■ What to produce ■
Your answer must be the records below, given again exactly, with no pictures in it.

<<<<

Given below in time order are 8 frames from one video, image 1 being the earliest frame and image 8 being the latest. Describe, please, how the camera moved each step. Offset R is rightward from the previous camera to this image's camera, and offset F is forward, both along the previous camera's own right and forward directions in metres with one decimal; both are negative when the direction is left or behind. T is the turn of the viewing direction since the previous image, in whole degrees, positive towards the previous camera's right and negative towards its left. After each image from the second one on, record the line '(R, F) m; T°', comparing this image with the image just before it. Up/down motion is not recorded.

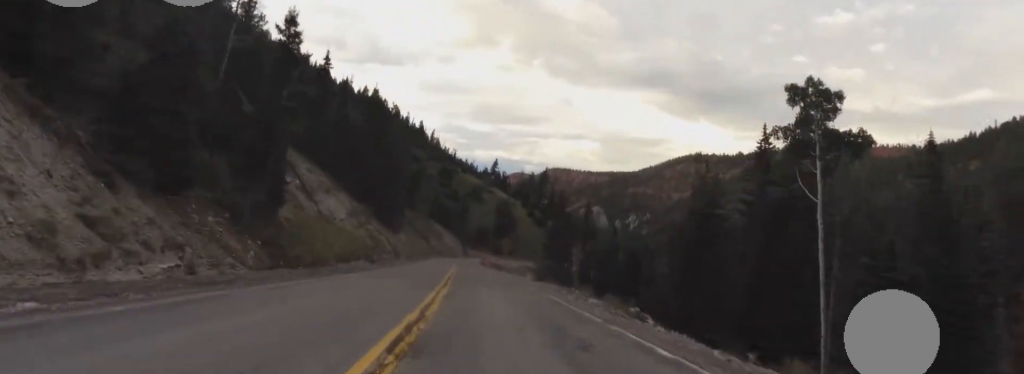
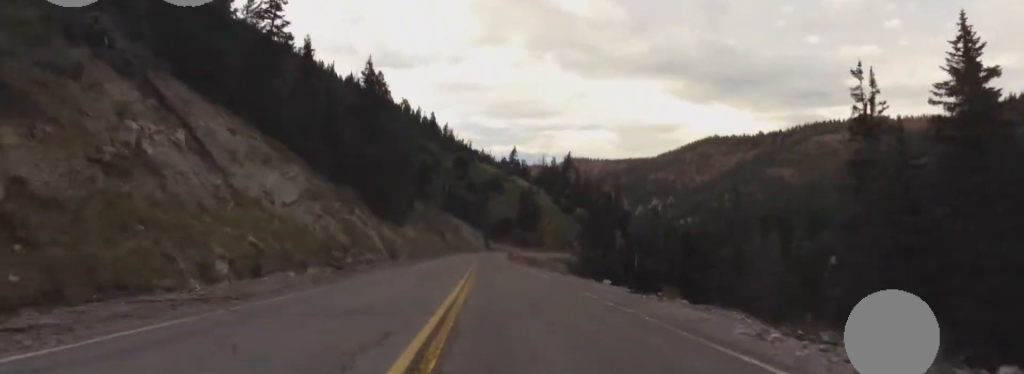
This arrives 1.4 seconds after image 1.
(-0.9, +22.7) m; 0°
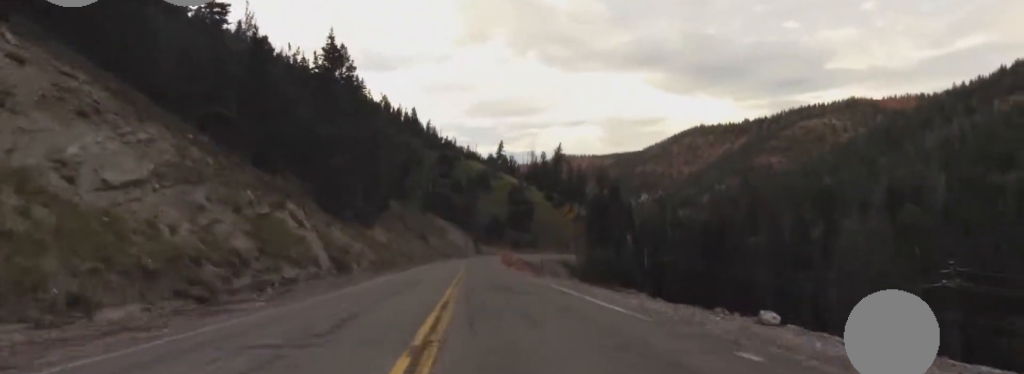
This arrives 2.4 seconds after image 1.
(+0.8, +16.2) m; 0°
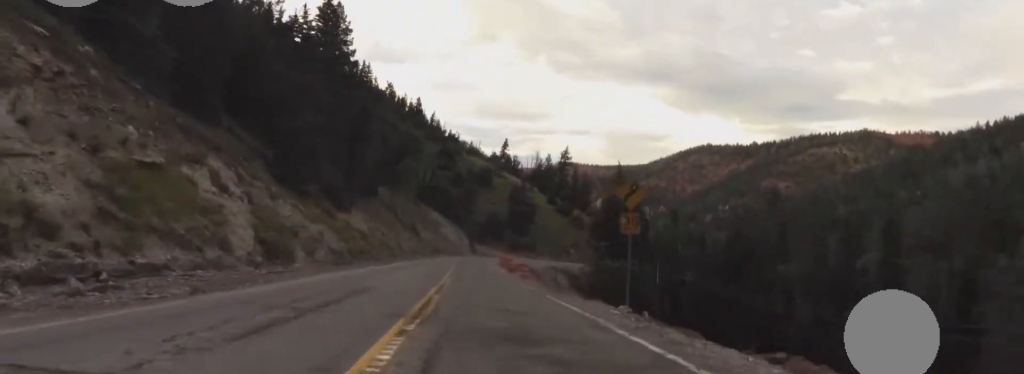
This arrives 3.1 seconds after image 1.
(-0.6, +11.7) m; -3°
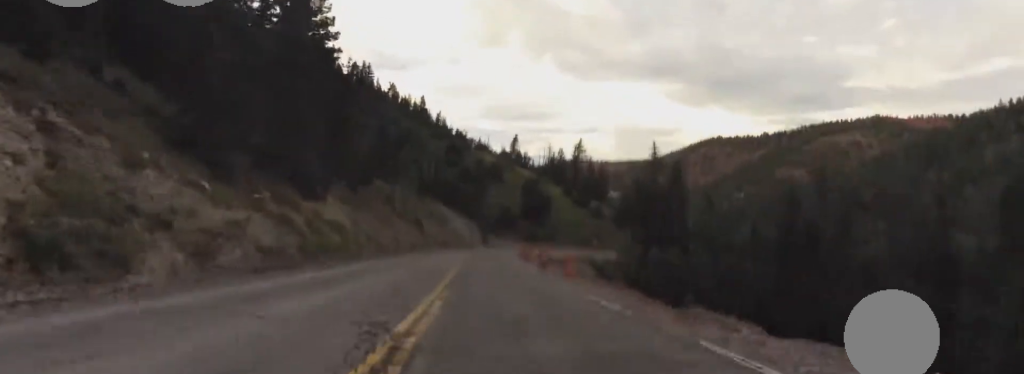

>>>>

■ Response to this exercise ■
Given below in time order are 8 frames from one video, image 1 being the earliest frame and image 8 being the latest. Describe, please, how the camera moved each step. Offset R is rightward from the previous camera to this image's camera, and offset F is forward, both along the previous camera's own right and forward directions in metres with one decimal; both are negative when the direction is left or behind. T is the turn of the viewing direction since the previous image, in whole degrees, positive towards the previous camera's right and negative towards its left. After each image from the second one on, record the line '(R, F) m; T°', comparing this image with the image just before it. Up/down motion is not recorded.

This arrives 1.4 seconds after image 1.
(-0.9, +22.7) m; 0°
This arrives 2.4 seconds after image 1.
(+0.8, +16.2) m; 0°
This arrives 3.1 seconds after image 1.
(-0.6, +11.7) m; -3°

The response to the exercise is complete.